ROMA, dicembre 2021. Un sonetto del Belli, con tutta probabilità scritto in risposta ad una poesia perduta di Trilussa, è stato ritrovato durante le festività natalizie in un quaderno appartenente alla famiglia del poeta. La scoperta ha messo in difficoltà i filologi, i quali, nel trascrivere la calligrafia spesso illegibile del poeta romanesco, hanno trovato riferimenti inequivocabili alla pandemia in corso, alle misure sanitarie, e alla controversia esplosa durante l’inverno sulla strategia vaccinale del governo, che evidentemente Belli considerava poco efficace.
Grazie alla grande capacità del Belli di interpretare ed esprimere i sentimenti del popolo romano, il poemetto senza dubbio fa riflettere.

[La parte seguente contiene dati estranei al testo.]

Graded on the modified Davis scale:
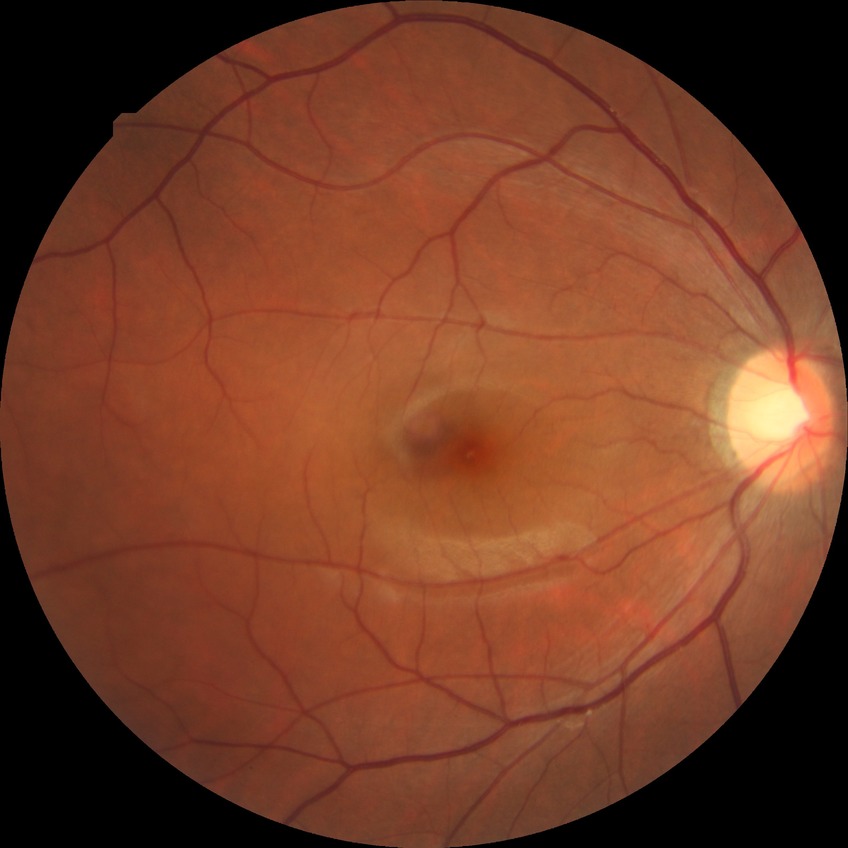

Tuttavia il poeta, morto nel 1863, difficilmente poteva conoscere le preoccupazioni sanitarie legate alla diffusione del Covid-19. La composizione potrebbe riferirsi quindi alle problematiche che le amministrazioni dell’epoca affrontavano nel tentativo di contenere il colera. Ma i riferimenti sono particolarmente chiari, rendendo il mistero ancora più affascinante. Riportiamo qui sotto l’intero sonetto:
E je rispose er Belli, co gran sentimento:
“Su ste cose, a Trilù, nun ce fa’ ggiuramento!
Nun semo nati ieri, so du’ anni che lo dimo,
Sta pandemia nun passa sortanto cor vaccino!
Si s’o fanno li vecchi, o chi s’a sente calla,
Nui semo più felici de ‘n pupo co’ ‘na palla.
Ma più v’a pijate co’ chi ns’o vòle fa
Più chiaro ce rimane: ce stanno a cojonà!
Qua stanno a córe tutti a fà la dose tre
Ma li contaggi sargono: ‘o vedi pure te!
E mentre perdi tempo a di’ “quello è un no vax”,
‘E leggi der governo le sta a fa’ Goldman Sachs!”